# DIRECTIONS
A verbatim restatement of the data, free of pictures, is what you should output.

---------- MATERIAL FOR THIS TASK

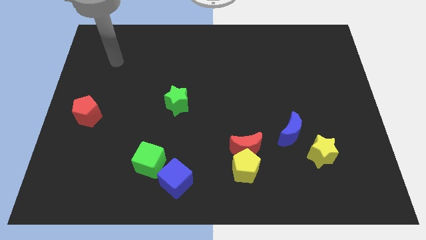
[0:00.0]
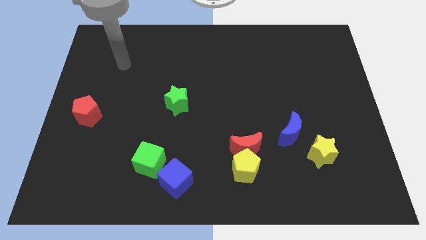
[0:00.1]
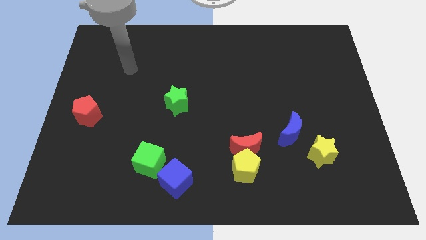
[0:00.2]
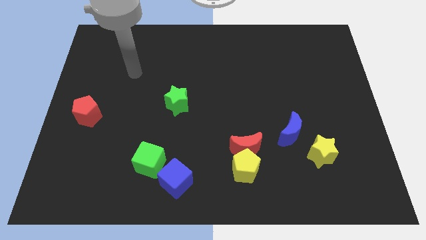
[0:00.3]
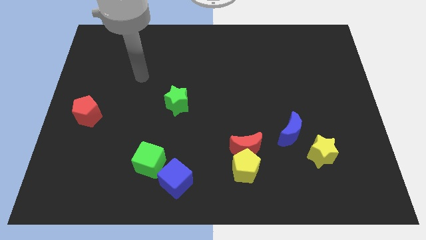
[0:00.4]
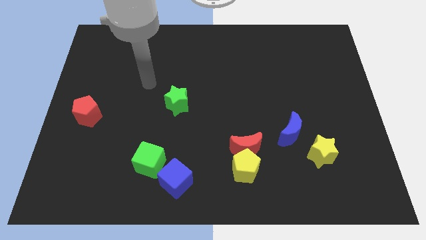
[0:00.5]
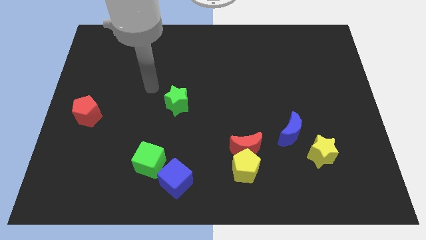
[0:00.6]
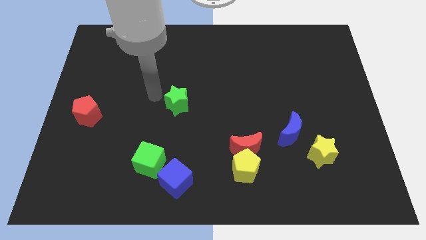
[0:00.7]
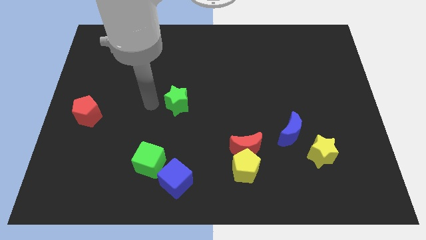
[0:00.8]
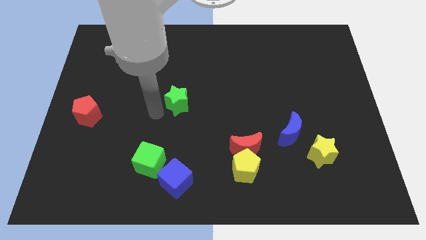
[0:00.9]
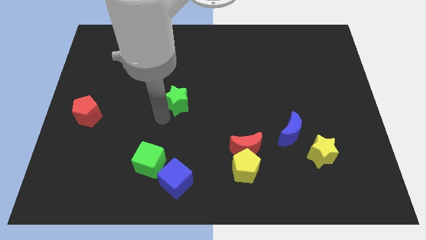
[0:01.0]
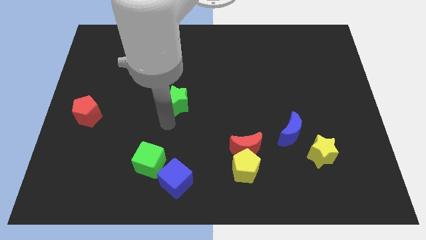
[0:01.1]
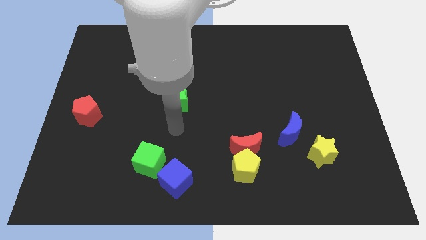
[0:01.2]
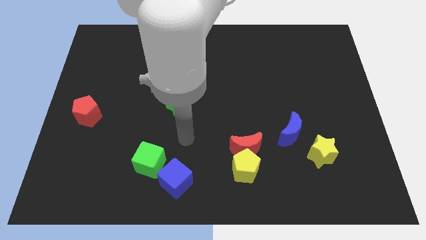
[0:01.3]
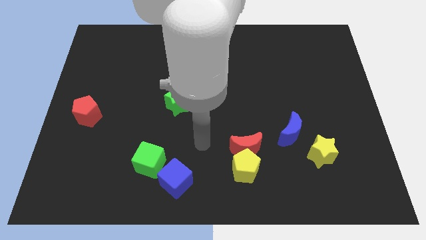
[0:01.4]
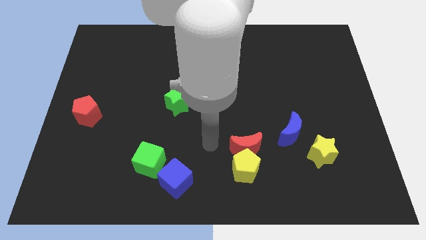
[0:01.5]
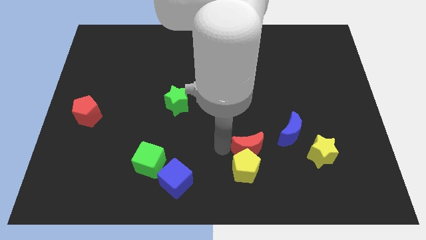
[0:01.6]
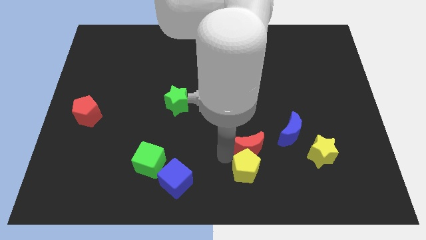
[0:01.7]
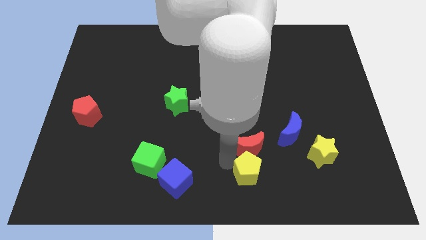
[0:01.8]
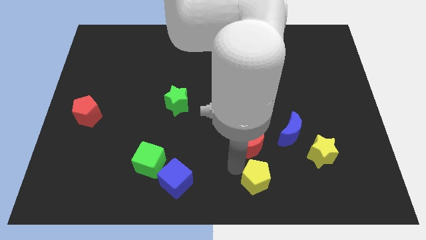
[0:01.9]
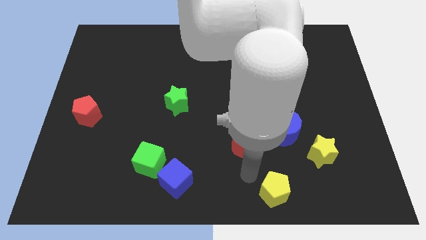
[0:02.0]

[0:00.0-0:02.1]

--------------------

# OUTPUT BELOW
[0:00.0]
[0:00.1]
[0:00.2]
[0:00.3]
[0:00.4]
[0:00.5]
[0:00.6]
[0:00.7]
[0:00.8]
[0:00.9]
[0:01.0]
[0:01.1]
[0:01.2]
[0:01.3]
[0:01.4]
[0:01.5]
[0:01.6]
[0:01.7]
[0:01.8]
[0:01.9]
[0:02.0]

[0:00.0-0:02.1]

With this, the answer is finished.